Understanding the Basics of Electrical Controls
Every home has circuit breakers to protect electrical devices and the house from damage, fires, or electrocution. Breakers trip (that is, shut off) when they see too much current coming through a circuit.
Students have plenty of experience using appliances like torches and mobile phones that depend on electric circuits to work. But they often need clarification about what happens when a battery switches on and lights up a bulb.
Relays are electromechanical devices that convert low-voltage signals of electrical controls, either AC or DC, across their terminals into a pulling mechanical force that operates a set of electrical contacts. Relays are used to assemble logical circuits that perform more complex functions.
Large relays can handle high currents and are often employed to switch motors or other heavy loads. More miniature reed relays are also helpful in controlling analog signals from sensors or connecting to other controls.
A common type of control relay is a single-pole, single-throw (SPST), which has two terminals that can be connected or disconnected, including one for the coil. Some relays have a normally open, timed-close contact, which closes when the coil is powered but only after it has been continuously powered for a specific amount of time.
This type of contact is sometimes referred to as Form C or “transfer” contact (“break before make” functionality). Other relays may have different configurations of poles and throws, such as double-pole double-throw (SPDT), which has five terminals, including two for the coil.
Switches, those seemingly mundane devices found in every home and industry, play a vital role in the operation of modern technology. These electromechanical marvels act as gatekeepers, controlling the flow of electric current within circuits. From simple light switches illuminating our rooms to complex industrial switches regulating intricate processes, they contribute significantly to our daily lives.
Beyond functionality, the electric equipment manufacturer also considers aesthetics and user experience. Switches come in various sizes, styles, and finishes to complement different environments and user preferences. From sleek and modern designs to classic and traditional styles, there’s a switch to match every taste and application.
The contacts of a switch can be in one of two states: “closed,” allowing electricity to flow between the contacts, or “open,” which disconnects the contacts and stops the current. A mechanism (often a knob or actuator) is used to transition the switch between its two states.
The switch’s power rating is the amount of electric current it can safely handle. Switches operating in high-power applications must be specially constructed to ensure minimal power loss, smooth transition between the on and off positions, and protection against destructive arcing between open and closed contacts.
A switch’s number of poles and throws tells its precise function; for example, a single-pole, double-throw switch is an internal polarity reversing device. Contact and terminal plating materials also affect a switch’s responsiveness, reliability, cost, and durability.
Contactors are heavy-duty electromagnetic switches commonly used to control motors and large lighting loads. They work similarly to relays but handle higher current and voltage rates.
They have a power contact and an auxiliary contact connected by a contact spring. These contacts must have stable arc resistance and high welding resistance. They also must be able to withstand mechanical stress and erosion.

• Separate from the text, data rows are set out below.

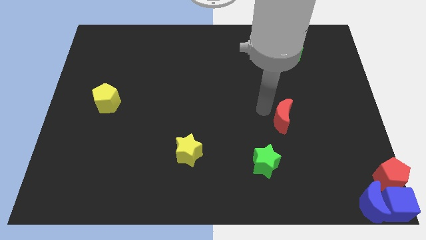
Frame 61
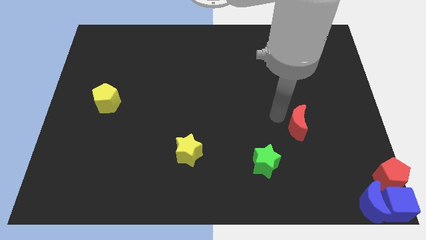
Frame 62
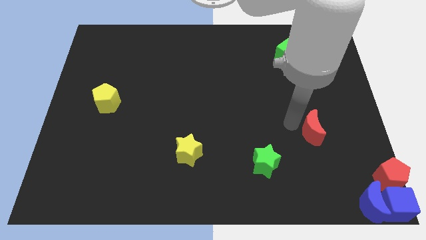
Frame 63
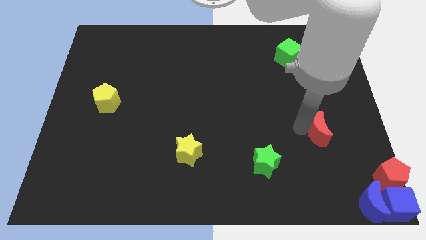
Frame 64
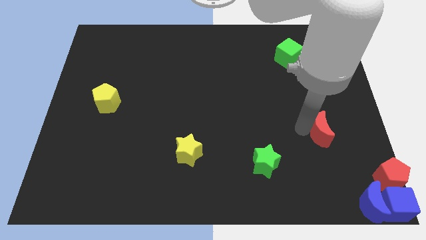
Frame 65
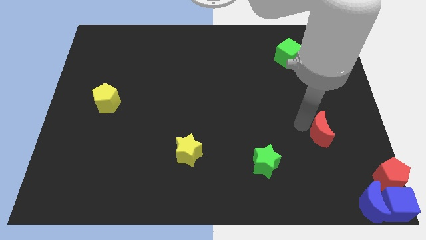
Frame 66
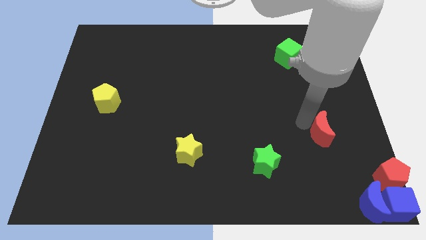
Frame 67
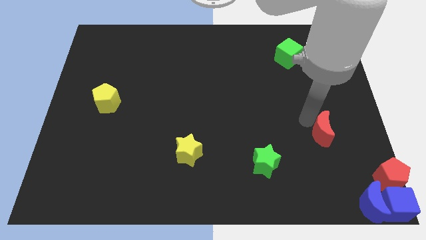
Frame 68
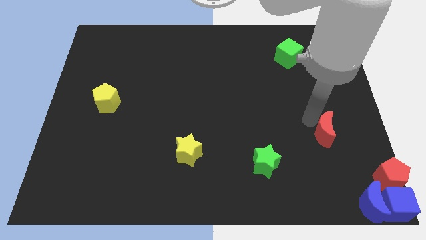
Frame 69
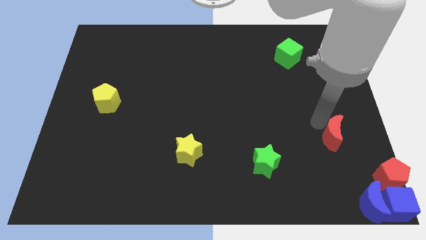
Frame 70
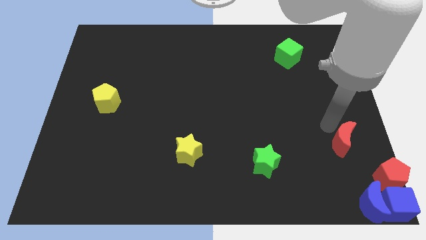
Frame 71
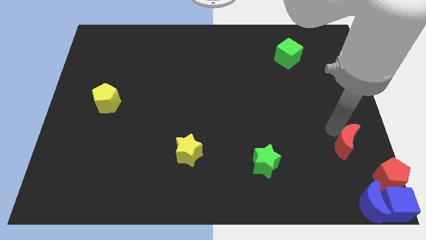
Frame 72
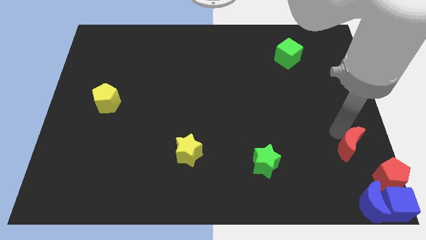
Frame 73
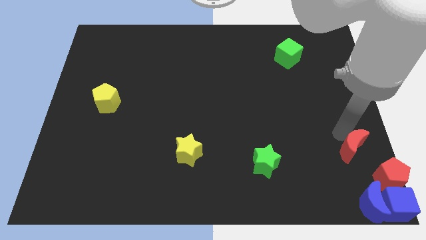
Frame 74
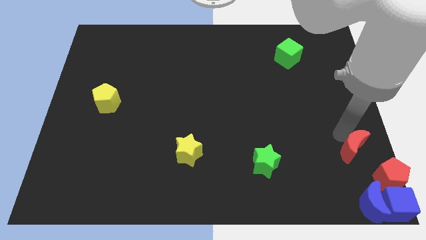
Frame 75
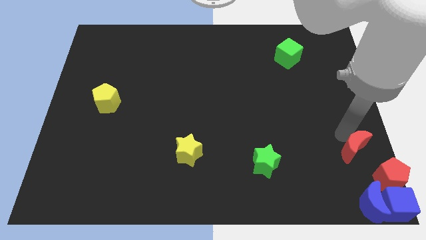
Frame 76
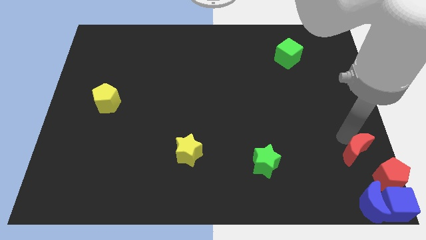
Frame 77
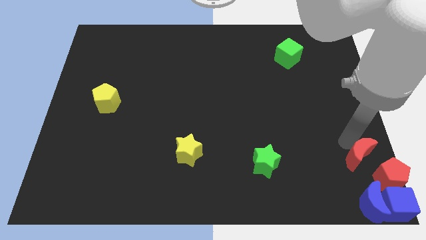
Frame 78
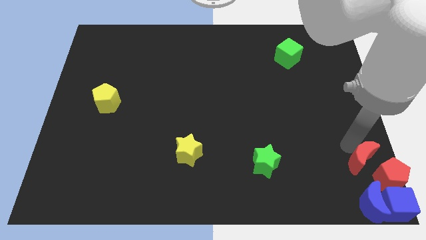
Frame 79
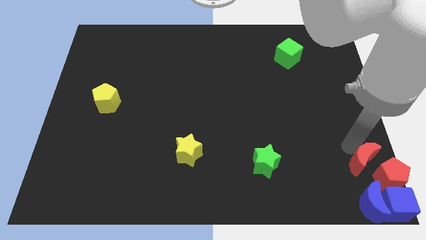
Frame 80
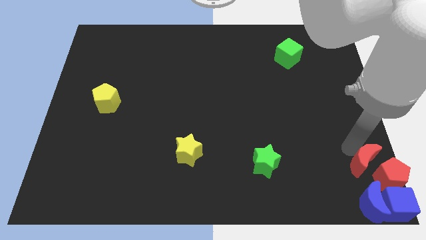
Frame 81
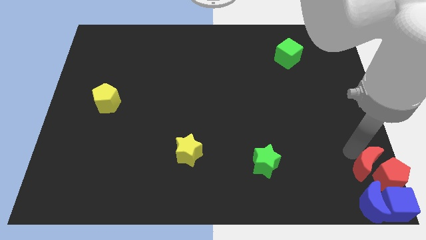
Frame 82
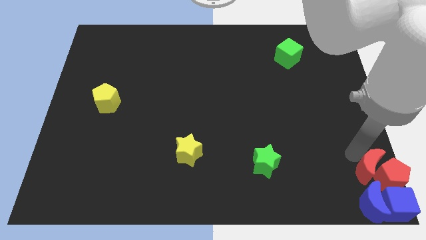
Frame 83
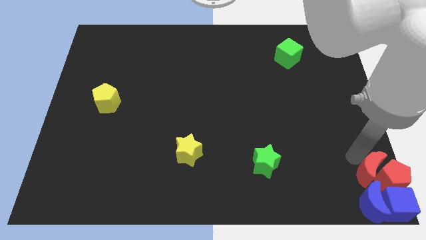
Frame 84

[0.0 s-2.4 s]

The power contact is stationary, while the auxiliary is movable. They connect when the coil is energized and disconnect when it’s de-energized. The power contact is the only one from which the full load current will flow.

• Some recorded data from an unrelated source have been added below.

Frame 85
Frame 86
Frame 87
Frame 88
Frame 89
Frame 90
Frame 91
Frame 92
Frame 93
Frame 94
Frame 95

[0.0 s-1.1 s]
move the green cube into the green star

The auxiliary contact is usually labeled with two-digit numbers on the device’s body; the first number indicates the order, and the second shows the function. Contactors have a built-in arc chute to suppress the electrical arc that may form during switching. This reduces wear on the contacts and extends their lifespan.
A load is a device that consumes power. It can be an appliance, a light, or any electricity equipment. Electrical engineers often discuss the load a device consumes and its role in power systems.
There are three basic types of electrical loads: resistive, capacitive, and inductive. Resistive loads contain a heating element that converts electrical energy into thermal energy. Examples include light bulbs, toasters, and electric water heaters. In this type of load, the current waveform is in phase with the voltage waveform. They reach the maximum peak at the same time and also reach zero peaks simultaneously. The power factor of this load is unity.
Capacitive loads rely on capacitors to store electrical energy. Their current waveform leads to the voltage waveform. This leads to a power factor that is less than unity and either leading or lagging. Inductive loads have wire coils that create individual inductive fields—their current waveform peaks immediately after the voltage sine wave peaks.